(Data shown Opens)

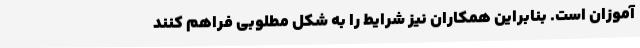
آموزان است. بنابراین همکاران نیز شرایط را به شکل مطلوبی فراهم کنند
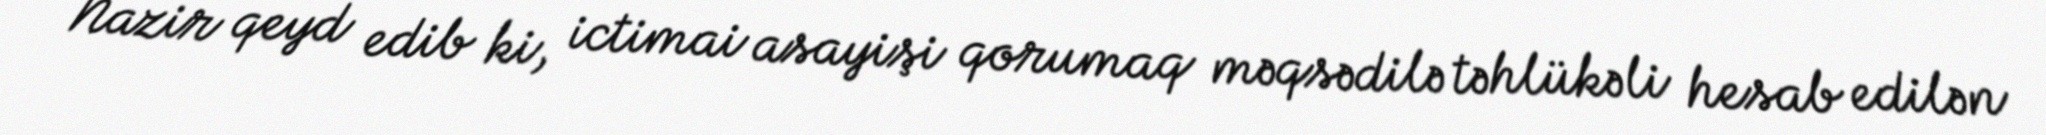
Nazir qeyd edib ki, ictimai asayişi qorumaq məqsədilə təhlükəli hesab edilən
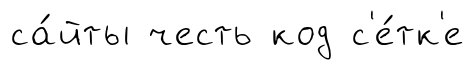
са́йты честь код с'е́тк'е
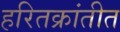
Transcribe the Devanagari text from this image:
हरितक्रांतीत
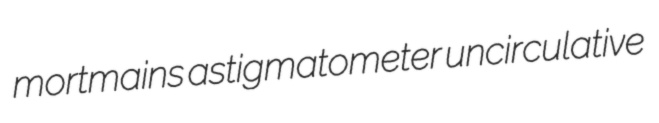
mortmains astigmatometer uncirculative
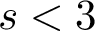
s < 3
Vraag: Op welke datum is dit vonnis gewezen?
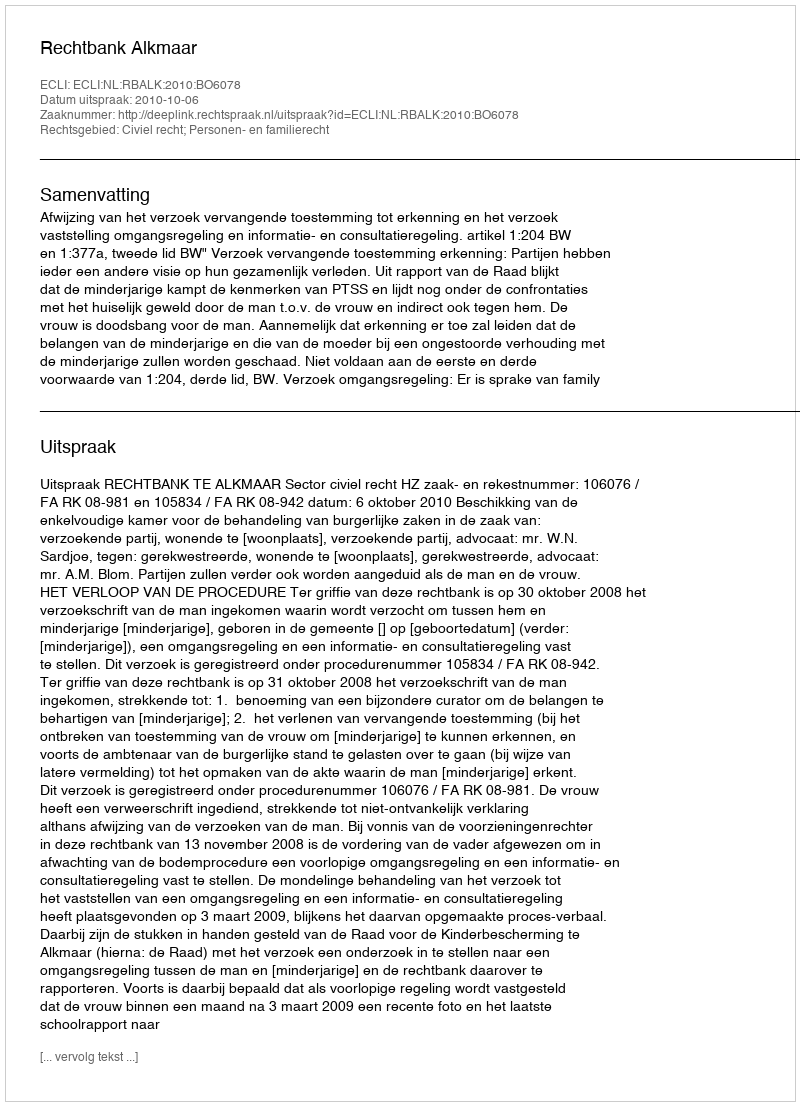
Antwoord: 2010-10-06
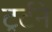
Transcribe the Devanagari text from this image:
ट्रर्टने
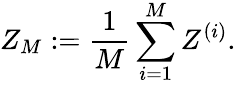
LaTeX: Z_{M}:=\frac{1}{M}\sum_{i=1}^{M}Z^{(i)}.
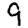
Digit: 9
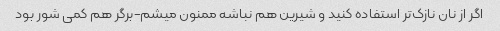
اگر از نان نازک‌تر استفاده کنید و شیرین هم نباشه ممنون میشم-برگر هم کمی شور بود

(Data shown Closes)

• **Task brief**
Begin with the line containing "Vraag: Op welke datum is dit vonnis gewezen?", stop at the last line of the records above, and copy every line in between exactly, both ends included, with no pictures.

• **Solution to this problem**
Vraag: Op welke datum is dit vonnis gewezen?
Antwoord: 2010-10-06
Transcribe the Devanagari text from this image:
ट्रर्टने
LaTeX: Z_{M}:=\frac{1}{M}\sum_{i=1}^{M}Z^{(i)}.
Digit: 9
اگر از نان نازک‌تر استفاده کنید و شیرین هم نباشه ممنون میشم-برگر هم کمی شور بود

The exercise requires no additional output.